Autora: Delva Robles
Era um sábado
de festa para mim e minha família. Minha sobrinha e afilhada Sandra iria se
casar e seríamos padrinhos. A cidade do casamento era Maringá, que fica a
70 km de distância de onde nós morávamos.
O casamento aconteceu
no fim da tarde e início da noite, e os convidados foram recepcionados com um
belo jantar, num ambiente propício para isso. Familiares todos reunidos,
vindo dos mais diferentes lugares, cheios de saudades, se
abraçavam felizes por se encontrarem, e conversavam
alegremente.
No final do jantar,
enquanto era servida a sobremesa, abriu-se o espaço para a dança, e dançamos
muito naquela noite. Lembro-me de que havia um grande espelho que
refletia os casais que dançavam, e dava a ilusão de ser
um grande salão de baile. Eu estava usando um vestido longo de veludo de cor
vermelha, meio bordô, eu diria, e sapatos de salto alto, pretos, e
algumas joias que enriqueciam a roupa. No decorrer da noite mal eu
sabia o quão inadequada me pareceria aquela roupa.
Eram mais de duas
horas da madrugada quando decidimos nos despedir do pessoal. Antes de sair do
clube meu marido mencionou que estava sentindo muita azia. Dei
pouca importância para isso e pensei que era apenas má digestão.
Reparei que o céu estava
bonito, cheio de estrelas, era uma noite muito agradável. Subimos no carro, e
antes de pegar a estrada de volta pra casa, paramos para
deixar nosso filho mais velho, na república onde morava, perto da UEM, pois ele
estudava Engenharia Química lá em Maringá.

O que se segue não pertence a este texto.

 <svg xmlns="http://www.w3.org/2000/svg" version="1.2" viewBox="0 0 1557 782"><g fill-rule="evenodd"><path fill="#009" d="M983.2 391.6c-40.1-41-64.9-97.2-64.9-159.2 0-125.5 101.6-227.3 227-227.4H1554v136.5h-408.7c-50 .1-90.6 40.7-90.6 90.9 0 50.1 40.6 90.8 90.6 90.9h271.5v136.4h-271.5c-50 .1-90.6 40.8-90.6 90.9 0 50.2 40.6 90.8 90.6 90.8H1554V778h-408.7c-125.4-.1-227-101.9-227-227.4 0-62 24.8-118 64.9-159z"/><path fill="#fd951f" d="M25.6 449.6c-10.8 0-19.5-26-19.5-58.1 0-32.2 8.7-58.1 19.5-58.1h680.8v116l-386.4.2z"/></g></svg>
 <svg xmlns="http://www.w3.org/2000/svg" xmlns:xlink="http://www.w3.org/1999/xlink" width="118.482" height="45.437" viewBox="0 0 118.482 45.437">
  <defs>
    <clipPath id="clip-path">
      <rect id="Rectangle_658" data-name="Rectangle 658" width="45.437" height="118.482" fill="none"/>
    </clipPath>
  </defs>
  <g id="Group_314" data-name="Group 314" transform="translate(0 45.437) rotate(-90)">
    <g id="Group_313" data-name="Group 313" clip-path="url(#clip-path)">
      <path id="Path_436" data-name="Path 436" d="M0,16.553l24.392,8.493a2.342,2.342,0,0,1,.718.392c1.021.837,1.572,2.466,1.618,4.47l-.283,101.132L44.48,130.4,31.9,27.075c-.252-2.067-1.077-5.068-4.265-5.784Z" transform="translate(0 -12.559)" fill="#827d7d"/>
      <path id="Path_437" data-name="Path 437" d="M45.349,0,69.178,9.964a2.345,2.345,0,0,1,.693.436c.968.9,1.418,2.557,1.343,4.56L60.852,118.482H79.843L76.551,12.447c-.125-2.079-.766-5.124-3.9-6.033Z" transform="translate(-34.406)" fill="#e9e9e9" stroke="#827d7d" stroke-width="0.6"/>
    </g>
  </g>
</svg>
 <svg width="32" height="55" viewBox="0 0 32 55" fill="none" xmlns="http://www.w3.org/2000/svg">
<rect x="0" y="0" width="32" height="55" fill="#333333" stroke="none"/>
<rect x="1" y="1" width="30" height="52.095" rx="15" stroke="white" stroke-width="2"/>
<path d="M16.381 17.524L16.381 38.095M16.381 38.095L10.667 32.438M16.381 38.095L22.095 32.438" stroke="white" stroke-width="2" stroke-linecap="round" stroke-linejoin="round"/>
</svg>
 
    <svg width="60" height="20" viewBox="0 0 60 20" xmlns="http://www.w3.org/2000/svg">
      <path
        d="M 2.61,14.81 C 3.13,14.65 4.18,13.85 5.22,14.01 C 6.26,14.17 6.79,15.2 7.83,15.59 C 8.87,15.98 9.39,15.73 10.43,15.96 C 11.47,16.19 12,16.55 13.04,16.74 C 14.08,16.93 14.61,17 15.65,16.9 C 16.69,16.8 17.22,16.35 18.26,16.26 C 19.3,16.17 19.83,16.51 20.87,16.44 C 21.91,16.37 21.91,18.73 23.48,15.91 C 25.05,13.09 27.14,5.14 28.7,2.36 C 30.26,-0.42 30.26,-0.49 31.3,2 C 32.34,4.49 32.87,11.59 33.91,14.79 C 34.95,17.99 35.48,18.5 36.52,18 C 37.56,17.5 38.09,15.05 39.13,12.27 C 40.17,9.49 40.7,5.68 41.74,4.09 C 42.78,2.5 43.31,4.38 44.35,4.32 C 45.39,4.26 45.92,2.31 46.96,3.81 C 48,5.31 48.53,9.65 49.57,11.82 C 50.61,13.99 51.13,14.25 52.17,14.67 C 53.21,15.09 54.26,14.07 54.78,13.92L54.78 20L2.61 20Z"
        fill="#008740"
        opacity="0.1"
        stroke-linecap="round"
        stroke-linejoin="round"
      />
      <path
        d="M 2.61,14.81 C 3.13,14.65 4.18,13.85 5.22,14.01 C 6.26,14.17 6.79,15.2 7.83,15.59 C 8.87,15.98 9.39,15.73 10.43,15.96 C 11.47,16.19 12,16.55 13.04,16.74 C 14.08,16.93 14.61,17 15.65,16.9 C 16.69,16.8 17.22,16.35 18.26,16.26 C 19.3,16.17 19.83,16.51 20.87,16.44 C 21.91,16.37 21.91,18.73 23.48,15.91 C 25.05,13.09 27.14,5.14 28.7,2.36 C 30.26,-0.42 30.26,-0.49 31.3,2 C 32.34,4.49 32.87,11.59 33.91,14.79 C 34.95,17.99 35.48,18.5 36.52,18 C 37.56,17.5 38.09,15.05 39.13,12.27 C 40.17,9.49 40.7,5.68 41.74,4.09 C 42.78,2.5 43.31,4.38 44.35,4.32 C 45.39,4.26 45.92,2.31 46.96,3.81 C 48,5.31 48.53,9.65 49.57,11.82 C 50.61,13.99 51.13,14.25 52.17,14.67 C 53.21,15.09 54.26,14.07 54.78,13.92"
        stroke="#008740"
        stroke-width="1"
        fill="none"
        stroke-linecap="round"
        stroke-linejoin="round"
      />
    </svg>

Enquanto meu filho
levava parte de sua bagagem para o apartamento nós nos sentamos na beira da
calçada em frente ao prédio sem nos importarmos com a poeira vinda
do asfalto, a poucos metros de nós.
Quando estávamos
todos sentados no carro novamente para seguir viagem, meu marido olhou para
mim e disse: estou muito mal. Surpresa com suas palavras repentinas e
sabendo que ele nunca reclamaria se não fosse algo grave, trocamos de lugar, eu
indo para o volante do carro. Em seguida tentei me localizar para saber qual
hospital teria nas imediações onde estávamos. Por sorte estávamos muito
próximos do hospital Santa Rita de Maringá.
Naquele momento veio
à minha memória a lembrança de algo que li não
sei bem ao certo se na revista seleções ou em um livro qualquer.
Era um depoimento de uma
pessoa que teve um infarto e cujo primeiro sintoma foi a azia. Meu
marido era fumante, então logo liguei o botão do alarme.
Era o ano de 1998 e
os procedimentos cardíacos não eram tão populares como hoje. Meu marido estava
bem de saúde. Havia feito uns exames de rotina e nada apareceu que indicasse
algo no coração. Tinha 49 anos, era magro e tinha uma vida intensa de trabalho
e envolvimento comunitário.
Ao chegar ao hospital
ele relatou ao médico plantonista ter comido pouco em um casamento e depois do
jantar ter dançado bastante e que estava com muita azia e mal
estar. O médico, especialista em gastroenterologia,
que dava o plantão naquele momento foi chamado e, ao
examiná-lo, deu o diagnóstico de má digestão, receitando um
medicamento inserido no soro que estava sendo ministrado a ele naquele momento.
Quando fui autorizada
a entrar na sala de emergência e me deparei com o rosto de meu marido, olhei em
seus olhos e tive a certeza de que aquele médico estava
enganado: havia uma palidez mortal em seu rosto. Aquilo não poderia
ser somente má digestão.
Desesperada, fui até ao
balcão e pedi para chamarem um cardiologista com urgência. Tive que insistir
com a recepcionista, que alegava que o paciente já tinha sido atendido e estava
sendo medicado e eu deveria ter paciência. Ela só concordou em chamar o
cardiologista quando eu disse que pagaria uma nova consulta particular para ele,
mas eu tinha pressa! A história da azia e infarto que eu havia lido não me saía
da cabeça.
Uma jovem
cardiologista veio nos atender e parecia não ter pressa. Enquanto
colocava os fios do aparelho para fazer o eletrocardiograma nele, tentava obter
informações sobre sua saúde, e parecia surpresa quando no eletro apareceu algo.
Então ela me disse:
“a tua intuição salvou teu marido...... ele está infartando”.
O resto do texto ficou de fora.